### PROVIDED DATA
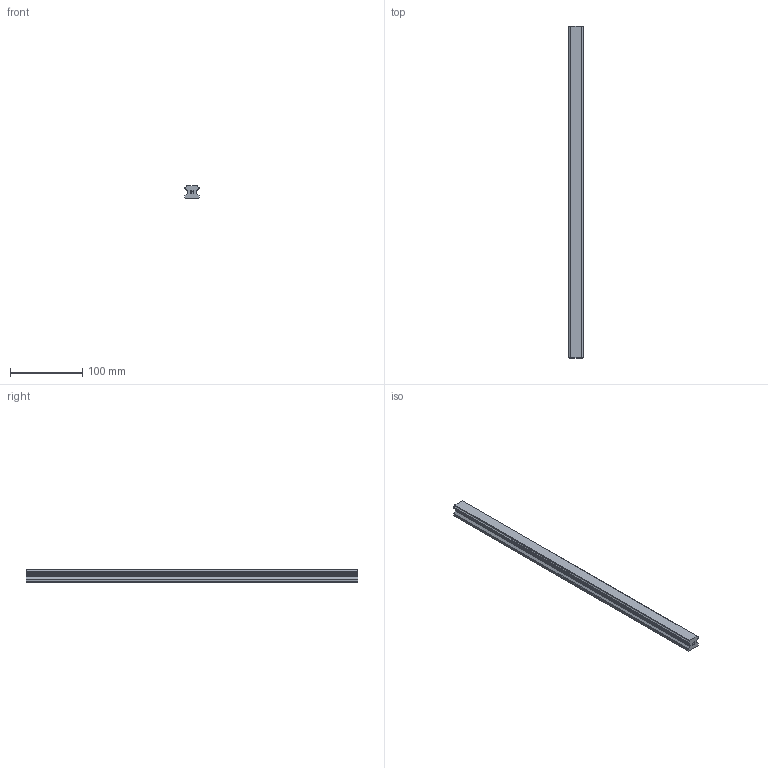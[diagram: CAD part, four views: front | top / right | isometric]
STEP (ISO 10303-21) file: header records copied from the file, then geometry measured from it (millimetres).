
FILE_DESCRIPTION(('STEP AP214'),'1');
FILE_NAME('cctmp_4CDEDE38-0978-45D3-A06E-6CE553A3355C_2021_01_21_15_36_39_0293..stp','2021-01-21T14:36:39',('HIWIN GmbH'),('CADClick - www.CADClick.com'),'Spatial InterOp 3D',' ','unknown authorization');
FILE_SCHEMA(('AUTOMOTIVE_DESIGN'));
Length unit declared in the file: millimetre
Products named in the file (1): HGR20T460C_FILE
Bounding box: 20 x 460 x 17.5 mm (x, y, z)
Volume: 135786.7 mm3; surface area: 37226.9 mm2
Topology: 1 solids, 1 shells, 139 faces, 383 edges, 242 vertices
Faces by surface type: plane 85, cylinder 38, cone 16
Entity records: 5409 total; most frequent: CARTESIAN_POINT 749, ORIENTED_EDGE 734, DIRECTION 723, EDGE_CURVE 367, LINE 291, VECTOR 291, VERTEX_POINT 242, AXIS2_PLACEMENT_3D 216

### TASK TO COMPLETE
Give back exactly the lines that run from the line with "STEP (ISO 10303-21)" through the close of the material, counting both ends, and nothing more.

### ANSWER TO THIS EXERCISE
STEP (ISO 10303-21) file: header records copied from the file, then geometry measured from it (millimetres).
FILE_DESCRIPTION(('STEP AP214'),'1');
FILE_NAME('cctmp_4CDEDE38-0978-45D3-A06E-6CE553A3355C_2021_01_21_15_36_39_0293..stp','2021-01-21T14:36:39',('HIWIN GmbH'),('CADClick - www.CADClick.com'),'Spatial InterOp 3D',' ','unknown authorization');
FILE_SCHEMA(('AUTOMOTIVE_DESIGN'));
Length unit declared in the file: millimetre
Products named in the file (1): HGR20T460C_FILE
Bounding box: 20 x 460 x 17.5 mm (x, y, z)
Volume: 135786.7 mm3; surface area: 37226.9 mm2
Topology: 1 solids, 1 shells, 139 faces, 383 edges, 242 vertices
Faces by surface type: plane 85, cylinder 38, cone 16
Entity records: 5409 total; most frequent: CARTESIAN_POINT 749, ORIENTED_EDGE 734, DIRECTION 723, EDGE_CURVE 367, LINE 291, VECTOR 291, VERTEX_POINT 242, AXIS2_PLACEMENT_3D 216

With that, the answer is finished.